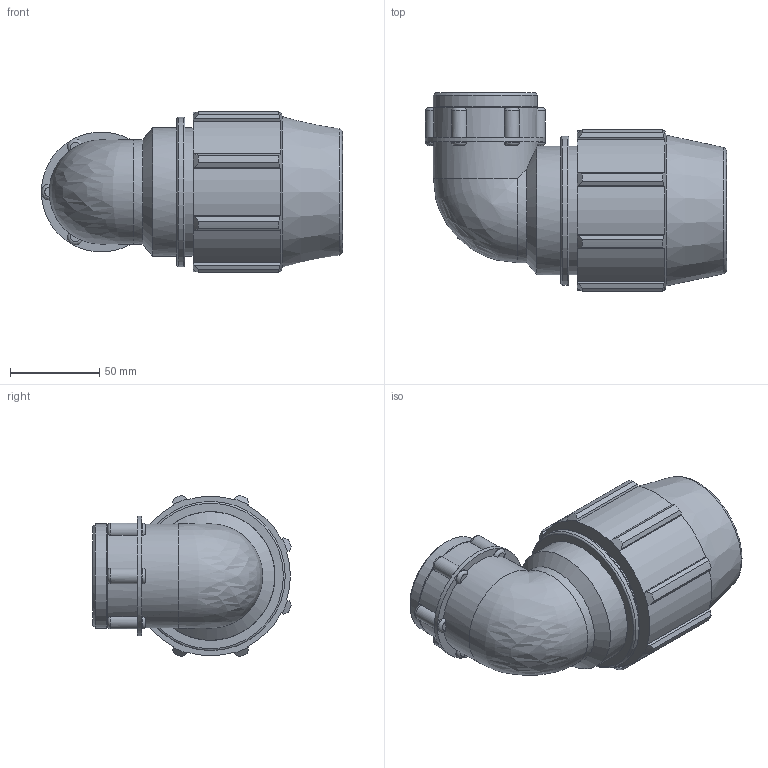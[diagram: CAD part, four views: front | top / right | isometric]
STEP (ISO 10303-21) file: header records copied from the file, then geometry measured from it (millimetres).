
FILE_DESCRIPTION(/* description */ ('PLASSON 90° ELBOW FEMALE ADAPTOR 50-1.1/2"'),/* implementation_level */ '2;1');
FILE_NAME(/* name */ '071500050015_181500050015_0715060500150A.ipt.stp',/* time_stamp */ '2017-06-06T17:16:18+03:00',/* author */ ('KIM'),/* organization */ (''),/* preprocessor_version */ 'ST-DEVELOPER v15.6',/* originating_system */ 'Autodesk Inventor 2015',/* authorisation */ '');
FILE_SCHEMA (('AUTOMOTIVE_DESIGN { 1 0 10303 214 3 1 1 }'));
Length unit declared in the file: millimetre
Products named in the file (1): 071500050015_181500050015_0715060500150A
Bounding box: 168.52 x 111.16 x 90.33 mm (x, y, z)
Volume: 510450.2 mm3; surface area: 85852.6 mm2
Topology: 1 solids, 1 shells, 138 faces, 365 edges, 235 vertices
Faces by surface type: plane 60, cylinder 45, cone 16, torus 15, bspline 2
Full cylindrical faces by diameter (mm): 31.392 x1, 40.361 x1, 44.845 x1, 50 x1, 58.298 x2, 67.043 x1, 72 x2, 83.52 x1
Entity records: 4650 total; most frequent: CARTESIAN_POINT 1199, DIRECTION 708, ORIENTED_EDGE 678, EDGE_CURVE 339, AXIS2_PLACEMENT_3D 293, VERTEX_POINT 230, EDGE_LOOP 167, CIRCLE 154

==========

Task item:
The line containing "FILE_NAME(/* name */" and every line after it, up to and including the last line of the records, should be reproduced exactly, with nothing else.

Written solution:
FILE_NAME(/* name */ '071500050015_181500050015_0715060500150A.ipt.stp',/* time_stamp */ '2017-06-06T17:16:18+03:00',/* author */ ('KIM'),/* organization */ (''),/* preprocessor_version */ 'ST-DEVELOPER v15.6',/* originating_system */ 'Autodesk Inventor 2015',/* authorisation */ '');
FILE_SCHEMA (('AUTOMOTIVE_DESIGN { 1 0 10303 214 3 1 1 }'));
Length unit declared in the file: millimetre
Products named in the file (1): 071500050015_181500050015_0715060500150A
Bounding box: 168.52 x 111.16 x 90.33 mm (x, y, z)
Volume: 510450.2 mm3; surface area: 85852.6 mm2
Topology: 1 solids, 1 shells, 138 faces, 365 edges, 235 vertices
Faces by surface type: plane 60, cylinder 45, cone 16, torus 15, bspline 2
Full cylindrical faces by diameter (mm): 31.392 x1, 40.361 x1, 44.845 x1, 50 x1, 58.298 x2, 67.043 x1, 72 x2, 83.52 x1
Entity records: 4650 total; most frequent: CARTESIAN_POINT 1199, DIRECTION 708, ORIENTED_EDGE 678, EDGE_CURVE 339, AXIS2_PLACEMENT_3D 293, VERTEX_POINT 230, EDGE_LOOP 167, CIRCLE 154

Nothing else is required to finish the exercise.